Project 8: Lead Scoring Case Study
Company named X Education gets a lot of leads, its lead conversion rate is very poor. For example, if, say, they acquire 100 leads in a day, only about 30 of them are converted. To make this process more efficient, the company wishes to identify the most potential leads, also known as ‘Hot Leads’. If they successfully identify this set of leads, the lead conversion rate should go up as the sales team will now be focusing more on communicating with the potential leads rather than making calls to everyone.
- Finding the correlation between independent variables and dropping one of the highly correlated variables.
- Important variables for the target prediction are selected using Recursive Feature Eliminations.
- Finding the optimal cut-off point between sensitivity and specificity.

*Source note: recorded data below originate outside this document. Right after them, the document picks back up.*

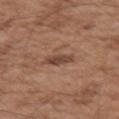No biopsy was performed on this lesion — it was imaged during a full skin examination and was not determined to be concerning. On the left upper arm. A roughly 15 mm field-of-view crop from a total-body skin photograph. Captured under white-light illumination. Approximately 3.5 mm at its widest. The subject is a male about 55 years old.
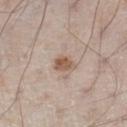The lesion was tiled from a total-body skin photograph and was not biopsied.
From the left lower leg.
A male subject approximately 60 years of age.
Approximately 3 mm at its widest.
Captured under white-light illumination.
A lesion tile, about 15 mm wide, cut from a 3D total-body photograph.
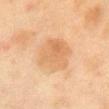| field | value |
|---|---|
| follow-up | imaged on a skin check; not biopsied |
| anatomic site | the chest |
| patient | female, aged approximately 50 |
| acquisition | ~15 mm tile from a whole-body skin photo |
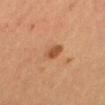No biopsy was performed on this lesion — it was imaged during a full skin examination and was not determined to be concerning. Cropped from a whole-body photographic skin survey; the tile spans about 15 mm. Located on the head or neck. The tile uses cross-polarized illumination. The total-body-photography lesion software estimated a footprint of about 5.5 mm², an eccentricity of roughly 0.75, and a symmetry-axis asymmetry near 0.15. The analysis additionally found a nevus-likeness score of about 65/100 and a lesion-detection confidence of about 100/100. The patient is a male aged around 35.
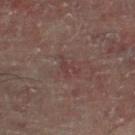Assessment: Recorded during total-body skin imaging; not selected for excision or biopsy. Context: Cropped from a total-body skin-imaging series; the visible field is about 15 mm. Approximately 3 mm at its widest. A male patient, aged around 60. The lesion is on the right lower leg. Imaged with cross-polarized lighting. An algorithmic analysis of the crop reported a lesion area of about 3 mm² and two-axis asymmetry of about 0.7. And it measured a mean CIELAB color near L≈33 a*≈18 b*≈16, about 5 CIELAB-L* units darker than the surrounding skin, and a normalized lesion–skin contrast near 4.5. The software also gave a border-irregularity index near 8.5/10, a color-variation rating of about 0/10, and a peripheral color-asymmetry measure near 0.
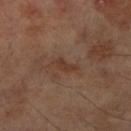{
  "biopsy_status": "not biopsied; imaged during a skin examination",
  "image": {
    "source": "total-body photography crop",
    "field_of_view_mm": 15
  },
  "patient": {
    "sex": "male",
    "age_approx": 70
  },
  "lesion_size": {
    "long_diameter_mm_approx": 2.5
  },
  "site": "right lower leg"
}
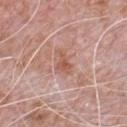biopsy status = catalogued during a skin exam; not biopsied
image = ~15 mm tile from a whole-body skin photo
location = the chest
patient = male, aged around 80
diameter = ≈2.5 mm
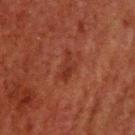Impression:
Captured during whole-body skin photography for melanoma surveillance; the lesion was not biopsied.
Acquisition and patient details:
Located on the upper back. A male subject, aged 58 to 62. Longest diameter approximately 3.5 mm. A roughly 15 mm field-of-view crop from a total-body skin photograph.
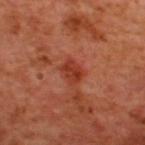Q: Patient demographics?
A: male, in their 50s
Q: Where on the body is the lesion?
A: the upper back
Q: What lighting was used for the tile?
A: cross-polarized
Q: How was this image acquired?
A: ~15 mm crop, total-body skin-cancer survey
Q: Automated lesion metrics?
A: a lesion area of about 5.5 mm², an outline eccentricity of about 0.65 (0 = round, 1 = elongated), and two-axis asymmetry of about 0.15; an automated nevus-likeness rating near 10 out of 100
Q: How large is the lesion?
A: about 2.5 mm
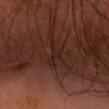Captured during whole-body skin photography for melanoma surveillance; the lesion was not biopsied.
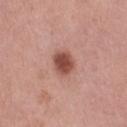{
  "patient": {
    "sex": "female",
    "age_approx": 40
  },
  "lesion_size": {
    "long_diameter_mm_approx": 3.0
  },
  "lighting": "white-light",
  "image": {
    "source": "total-body photography crop",
    "field_of_view_mm": 15
  },
  "site": "right thigh"
}
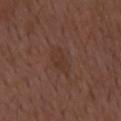{"image": {"source": "total-body photography crop", "field_of_view_mm": 15}, "lighting": "white-light", "patient": {"sex": "male", "age_approx": 50}, "lesion_size": {"long_diameter_mm_approx": 3.5}, "automated_metrics": {"border_irregularity_0_10": 2.5, "nevus_likeness_0_100": 0, "lesion_detection_confidence_0_100": 100}}
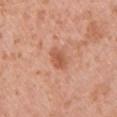follow-up — imaged on a skin check; not biopsied | subject — male, roughly 30 years of age | lighting — white-light | image — ~15 mm tile from a whole-body skin photo | TBP lesion metrics — a nevus-likeness score of about 10/100 and a lesion-detection confidence of about 100/100 | lesion diameter — about 3 mm | anatomic site — the front of the torso.
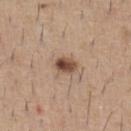Q: Was a biopsy performed?
A: imaged on a skin check; not biopsied
Q: Where on the body is the lesion?
A: the chest
Q: What kind of image is this?
A: ~15 mm tile from a whole-body skin photo
Q: What are the patient's age and sex?
A: male, aged approximately 60
Q: Illumination type?
A: white-light illumination
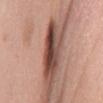follow-up: total-body-photography surveillance lesion; no biopsy | size: about 6.5 mm | illumination: white-light | TBP lesion metrics: a lesion area of about 13 mm², a shape eccentricity near 0.95, and two-axis asymmetry of about 0.25 | acquisition: ~15 mm tile from a whole-body skin photo | patient: female, aged approximately 65 | site: the mid back.
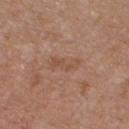Imaged during a routine full-body skin examination; the lesion was not biopsied and no histopathology is available. On the chest. A male patient aged 53 to 57. A close-up tile cropped from a whole-body skin photograph, about 15 mm across.
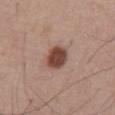Findings:
- subject: male, in their mid-50s
- anatomic site: the abdomen
- acquisition: 15 mm crop, total-body photography
- lesion diameter: about 3 mm
- lighting: white-light
- TBP lesion metrics: a lesion area of about 7 mm² and a shape eccentricity near 0.45; a color-variation rating of about 2.5/10 and radial color variation of about 1
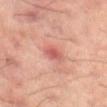site = the left thigh
acquisition = 15 mm crop, total-body photography
lighting = cross-polarized
subject = male, about 60 years old
lesion diameter = ~3 mm (longest diameter)
TBP lesion metrics = a lesion area of about 4 mm² and an eccentricity of roughly 0.85; an automated nevus-likeness rating near 0 out of 100

Project 9: Supermarket Price Wars
The objective of the investigation is to figure out which supermarket, Coles or Woolworths, is cheaper. The sample is gathered from the website https://grocerycop.com.au/products which includes 9 products from each of the 10 categories. A large sample of 90 (n > 30) is chosen in accordance with Central Limit Theorem(CLT) to effectively avoid the issue with normality and to limit standard error.

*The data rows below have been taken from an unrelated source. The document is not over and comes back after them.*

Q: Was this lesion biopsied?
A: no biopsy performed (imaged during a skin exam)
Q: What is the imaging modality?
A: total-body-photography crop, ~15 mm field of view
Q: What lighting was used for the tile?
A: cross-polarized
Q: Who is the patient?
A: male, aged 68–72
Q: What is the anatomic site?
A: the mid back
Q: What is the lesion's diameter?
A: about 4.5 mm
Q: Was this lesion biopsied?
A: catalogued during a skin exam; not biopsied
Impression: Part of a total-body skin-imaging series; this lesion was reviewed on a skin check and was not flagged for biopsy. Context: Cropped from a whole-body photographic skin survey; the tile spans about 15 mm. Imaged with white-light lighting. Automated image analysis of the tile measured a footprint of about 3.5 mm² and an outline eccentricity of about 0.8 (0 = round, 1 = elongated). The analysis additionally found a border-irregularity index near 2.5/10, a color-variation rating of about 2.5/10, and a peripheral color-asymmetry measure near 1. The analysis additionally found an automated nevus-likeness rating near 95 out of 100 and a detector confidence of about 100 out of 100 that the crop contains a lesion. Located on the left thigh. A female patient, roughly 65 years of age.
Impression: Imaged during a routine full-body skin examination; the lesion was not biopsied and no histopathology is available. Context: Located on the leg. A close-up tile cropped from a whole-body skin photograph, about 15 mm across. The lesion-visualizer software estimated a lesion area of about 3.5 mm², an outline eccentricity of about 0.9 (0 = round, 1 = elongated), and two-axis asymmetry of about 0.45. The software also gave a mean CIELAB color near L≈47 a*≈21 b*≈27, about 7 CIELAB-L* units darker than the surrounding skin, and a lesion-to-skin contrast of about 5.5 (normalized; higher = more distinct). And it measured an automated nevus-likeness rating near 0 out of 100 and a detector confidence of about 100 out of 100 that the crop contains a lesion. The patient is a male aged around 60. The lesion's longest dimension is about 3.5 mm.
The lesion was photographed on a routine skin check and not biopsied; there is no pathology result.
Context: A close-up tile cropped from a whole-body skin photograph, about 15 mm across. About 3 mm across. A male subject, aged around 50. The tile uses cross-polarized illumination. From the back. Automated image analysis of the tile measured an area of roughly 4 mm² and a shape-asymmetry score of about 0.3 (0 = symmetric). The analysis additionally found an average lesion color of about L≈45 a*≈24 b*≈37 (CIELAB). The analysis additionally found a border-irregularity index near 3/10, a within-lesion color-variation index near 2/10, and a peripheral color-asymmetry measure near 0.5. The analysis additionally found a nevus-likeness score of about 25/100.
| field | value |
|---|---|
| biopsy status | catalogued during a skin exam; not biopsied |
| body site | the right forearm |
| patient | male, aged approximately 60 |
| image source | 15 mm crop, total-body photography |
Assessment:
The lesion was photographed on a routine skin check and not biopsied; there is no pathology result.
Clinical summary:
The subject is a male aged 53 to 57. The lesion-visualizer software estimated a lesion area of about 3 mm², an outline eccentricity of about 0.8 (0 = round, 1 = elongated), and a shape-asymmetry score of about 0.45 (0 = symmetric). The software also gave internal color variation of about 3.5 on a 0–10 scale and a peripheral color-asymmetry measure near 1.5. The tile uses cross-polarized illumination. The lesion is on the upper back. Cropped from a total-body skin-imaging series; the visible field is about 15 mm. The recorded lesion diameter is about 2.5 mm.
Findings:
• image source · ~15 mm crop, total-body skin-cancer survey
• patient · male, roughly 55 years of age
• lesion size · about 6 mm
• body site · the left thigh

- The paired-samples t-test is used to check for the statistically significant mean difference between Coles and Woolworths prices.
- The result of the dependent sample t-test signifies that there is a statistically significant mean difference between Coles Price and Woolworths Price.
- In conclusion, Woolworths prices are found to be significantly cheaper when compared to Coles prices.
Project 10: Time Series analysis of Airline passengers using R
A seasonal time series data is read and fitted with deterministic and stochastic trend models. A residual approach is followed to fit the stochastic models and a possible set of models is found, and each model is checked for significant coefficients and the significant models are selected for the diagnostics checking. Then the residual analysis is conducted on each model and the model with the stationary residuals is selected for the forecast.
- To capture the level, trend and seasonality in the time series with different smoothing techniques.
- Also build the Seasonal Autoregressive Integrated Moving Average (SARIMA) Model.
- Selecting the best model based on residual analysis.